Agahian Farnaz, Funt Brian
J Opt Soc Am A Opt Image Sci Vis. 2014 Jul 1;31(7):1445-52. doi: 10.1364/JOSAA.31.001445.
The spectra in spectral reflectance datasets tend to be quite correlated and therefore they can be represented more compactly using standard techniques such as principal components analysis (PCA) as part of a lossy compression strategy. However, the presence of outlier spectra can often increase the overall error of the reconstructed spectra. This paper introduces a new outlier modeling (OM) method that detects, clusters, and separately models outliers with their own set of basis vectors. Outliers are defined in terms of the robust Mahalanobis distance using the fast minimum covariance determinant algorithm as a robust estimator of the multivariate mean and covariance from which it is computed. After removing the outliers from the main dataset, the performance of PCA on the remaining data improves significantly; however, since outlier spectra are a part of the image, they cannot simply be ignored. The solution is to cluster the outliers into a small number of clusters and then model each cluster separately using its own cluster-specific PCA-derived bases. Tests show that OM leads to lower spectral reconstruction errors of reflectance spectra in terms of both normalized RMS and goodness of fit.

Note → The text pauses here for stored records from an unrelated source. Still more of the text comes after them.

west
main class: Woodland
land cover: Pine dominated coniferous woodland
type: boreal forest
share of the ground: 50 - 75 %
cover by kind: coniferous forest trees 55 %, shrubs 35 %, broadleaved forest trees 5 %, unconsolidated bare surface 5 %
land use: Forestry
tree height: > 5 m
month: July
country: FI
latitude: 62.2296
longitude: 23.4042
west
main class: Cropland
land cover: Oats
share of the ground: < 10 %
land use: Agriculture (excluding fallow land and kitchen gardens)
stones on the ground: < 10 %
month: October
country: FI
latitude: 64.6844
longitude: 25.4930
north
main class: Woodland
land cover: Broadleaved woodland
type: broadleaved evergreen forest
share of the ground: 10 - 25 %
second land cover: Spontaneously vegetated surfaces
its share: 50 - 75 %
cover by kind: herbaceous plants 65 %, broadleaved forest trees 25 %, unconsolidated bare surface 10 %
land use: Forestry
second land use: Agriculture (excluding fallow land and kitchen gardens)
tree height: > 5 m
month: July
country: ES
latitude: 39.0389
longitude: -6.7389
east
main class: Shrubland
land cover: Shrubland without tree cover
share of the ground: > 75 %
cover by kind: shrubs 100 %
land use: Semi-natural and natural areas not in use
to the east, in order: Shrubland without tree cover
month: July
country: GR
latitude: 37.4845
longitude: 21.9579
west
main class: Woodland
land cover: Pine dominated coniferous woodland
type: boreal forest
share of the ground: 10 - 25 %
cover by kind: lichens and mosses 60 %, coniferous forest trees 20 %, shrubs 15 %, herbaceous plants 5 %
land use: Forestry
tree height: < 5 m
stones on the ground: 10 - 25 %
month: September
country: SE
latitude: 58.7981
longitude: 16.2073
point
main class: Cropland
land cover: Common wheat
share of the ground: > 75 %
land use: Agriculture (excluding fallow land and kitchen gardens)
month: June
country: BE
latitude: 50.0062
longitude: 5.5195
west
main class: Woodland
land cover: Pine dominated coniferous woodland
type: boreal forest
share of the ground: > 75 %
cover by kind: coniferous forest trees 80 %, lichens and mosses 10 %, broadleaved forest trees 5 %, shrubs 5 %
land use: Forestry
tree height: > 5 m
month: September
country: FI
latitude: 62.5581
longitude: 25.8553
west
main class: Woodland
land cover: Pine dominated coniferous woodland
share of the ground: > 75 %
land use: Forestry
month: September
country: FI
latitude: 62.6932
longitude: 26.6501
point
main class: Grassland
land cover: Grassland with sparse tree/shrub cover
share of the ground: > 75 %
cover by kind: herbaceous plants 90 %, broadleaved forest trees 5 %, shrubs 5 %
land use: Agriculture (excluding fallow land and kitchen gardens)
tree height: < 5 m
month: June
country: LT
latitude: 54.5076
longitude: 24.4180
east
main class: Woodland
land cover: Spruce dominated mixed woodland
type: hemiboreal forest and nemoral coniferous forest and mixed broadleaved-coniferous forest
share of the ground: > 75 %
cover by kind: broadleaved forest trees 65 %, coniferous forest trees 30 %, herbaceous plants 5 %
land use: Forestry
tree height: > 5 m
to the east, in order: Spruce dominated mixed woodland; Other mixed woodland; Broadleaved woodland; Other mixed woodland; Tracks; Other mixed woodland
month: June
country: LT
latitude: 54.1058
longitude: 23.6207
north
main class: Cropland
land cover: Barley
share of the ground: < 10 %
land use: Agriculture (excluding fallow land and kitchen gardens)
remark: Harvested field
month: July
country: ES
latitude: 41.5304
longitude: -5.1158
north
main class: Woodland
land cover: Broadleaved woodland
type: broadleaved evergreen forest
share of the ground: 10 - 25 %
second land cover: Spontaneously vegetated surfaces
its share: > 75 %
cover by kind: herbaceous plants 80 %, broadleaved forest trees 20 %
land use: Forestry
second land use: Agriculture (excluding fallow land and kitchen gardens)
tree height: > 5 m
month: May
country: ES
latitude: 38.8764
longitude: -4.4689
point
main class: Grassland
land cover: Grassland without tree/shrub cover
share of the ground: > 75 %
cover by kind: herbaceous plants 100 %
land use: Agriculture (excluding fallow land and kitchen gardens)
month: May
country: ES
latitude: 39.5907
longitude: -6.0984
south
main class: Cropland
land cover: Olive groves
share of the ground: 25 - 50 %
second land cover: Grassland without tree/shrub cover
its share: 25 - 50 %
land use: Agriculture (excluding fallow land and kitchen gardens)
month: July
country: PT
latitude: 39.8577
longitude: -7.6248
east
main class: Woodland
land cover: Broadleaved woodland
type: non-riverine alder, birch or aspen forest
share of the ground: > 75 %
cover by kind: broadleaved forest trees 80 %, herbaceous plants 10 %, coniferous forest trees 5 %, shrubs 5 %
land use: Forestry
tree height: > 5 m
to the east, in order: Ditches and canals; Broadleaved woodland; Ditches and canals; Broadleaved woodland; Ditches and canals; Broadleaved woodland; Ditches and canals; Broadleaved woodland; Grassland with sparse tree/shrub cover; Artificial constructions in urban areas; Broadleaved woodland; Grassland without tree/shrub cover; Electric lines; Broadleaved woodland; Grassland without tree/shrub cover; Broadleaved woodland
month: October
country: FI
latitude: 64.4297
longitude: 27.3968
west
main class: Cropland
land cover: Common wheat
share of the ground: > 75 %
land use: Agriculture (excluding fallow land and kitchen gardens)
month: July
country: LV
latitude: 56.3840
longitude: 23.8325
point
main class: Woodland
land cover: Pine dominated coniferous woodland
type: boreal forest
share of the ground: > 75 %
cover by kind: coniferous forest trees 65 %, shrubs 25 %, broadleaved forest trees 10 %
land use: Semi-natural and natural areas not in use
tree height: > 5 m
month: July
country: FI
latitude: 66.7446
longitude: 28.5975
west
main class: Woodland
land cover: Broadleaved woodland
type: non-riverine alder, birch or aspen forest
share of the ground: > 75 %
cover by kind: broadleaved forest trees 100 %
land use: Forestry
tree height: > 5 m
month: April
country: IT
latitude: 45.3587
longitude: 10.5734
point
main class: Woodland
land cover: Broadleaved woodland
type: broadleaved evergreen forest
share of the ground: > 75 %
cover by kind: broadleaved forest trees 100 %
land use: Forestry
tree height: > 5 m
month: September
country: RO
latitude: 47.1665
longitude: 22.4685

光谱反射率数据集中的光谱往往具有很强的相关性,因此可以使用主成分分析(PCA)等标准技术作为有损压缩策略的一部分,更紧凑地表示它们。然而,异常光谱的存在通常会增加重建光谱的总体误差。本文介绍了一种新的异常值建模(OM)方法,该方法可以检测、聚类异常值,并使用其自己的一组基向量分别对异常值进行建模。使用快速最小协方差行列式算法作为多元均值和协方差的稳健估计器,根据稳健马氏距离来定义异常值,该距离由其计算得出。从主数据集中去除异常值后,PCA在剩余数据上的性能显著提高;然而,由于异常光谱是图像的一部分,不能简单地忽略它们。解决方案是将异常值聚类为少量的簇,然后使用其自己的特定于簇的PCA派生基分别对每个簇进行建模。测试表明,就归一化均方根和拟合优度而言,OM会降低反射光谱的光谱重建误差。